Each line of the data has to be transcribed exactly.

Dataset excerpts
◆ ◆ ◆ ◆ ◆ ◆ ◆

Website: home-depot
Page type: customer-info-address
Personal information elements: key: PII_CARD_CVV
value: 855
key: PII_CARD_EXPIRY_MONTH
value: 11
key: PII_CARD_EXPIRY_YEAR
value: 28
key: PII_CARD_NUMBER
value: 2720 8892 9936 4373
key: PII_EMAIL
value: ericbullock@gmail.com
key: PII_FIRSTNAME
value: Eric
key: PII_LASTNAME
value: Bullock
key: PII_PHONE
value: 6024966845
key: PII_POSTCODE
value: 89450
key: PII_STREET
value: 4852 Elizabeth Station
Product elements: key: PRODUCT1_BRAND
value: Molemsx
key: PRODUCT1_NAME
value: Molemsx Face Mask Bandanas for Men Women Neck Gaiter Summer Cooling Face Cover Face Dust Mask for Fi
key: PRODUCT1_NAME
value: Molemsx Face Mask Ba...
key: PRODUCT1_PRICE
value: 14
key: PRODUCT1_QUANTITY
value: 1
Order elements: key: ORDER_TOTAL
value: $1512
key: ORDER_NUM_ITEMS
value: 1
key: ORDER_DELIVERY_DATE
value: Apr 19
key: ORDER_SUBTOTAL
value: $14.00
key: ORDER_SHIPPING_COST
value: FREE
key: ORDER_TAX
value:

◆ ◆ ◆ ◆ ◆ ◆ ◆

» **RESULT**
Website: home-depot
Page type: customer-info-address
Personal information elements: key: PII_CARD_CVV
value: 855
key: PII_CARD_EXPIRY_MONTH
value: 11
key: PII_CARD_EXPIRY_YEAR
value: 28
key: PII_CARD_NUMBER
value: 2720 8892 9936 4373
key: PII_EMAIL
value: ericbullock@gmail.com
key: PII_FIRSTNAME
value: Eric
key: PII_LASTNAME
value: Bullock
key: PII_PHONE
value: 6024966845
key: PII_POSTCODE
value: 89450
key: PII_STREET
value: 4852 Elizabeth Station
Product elements: key: PRODUCT1_BRAND
value: Molemsx
key: PRODUCT1_NAME
value: Molemsx Face Mask Bandanas for Men Women Neck Gaiter Summer Cooling Face Cover Face Dust Mask for Fi
key: PRODUCT1_NAME
value: Molemsx Face Mask Ba...
key: PRODUCT1_PRICE
value: 14
key: PRODUCT1_QUANTITY
value: 1
Order elements: key: ORDER_TOTAL
value: $1512
key: ORDER_NUM_ITEMS
value: 1
key: ORDER_DELIVERY_DATE
value: Apr 19
key: ORDER_SUBTOTAL
value: $14.00
key: ORDER_SHIPPING_COST
value: FREE
key: ORDER_TAX
value:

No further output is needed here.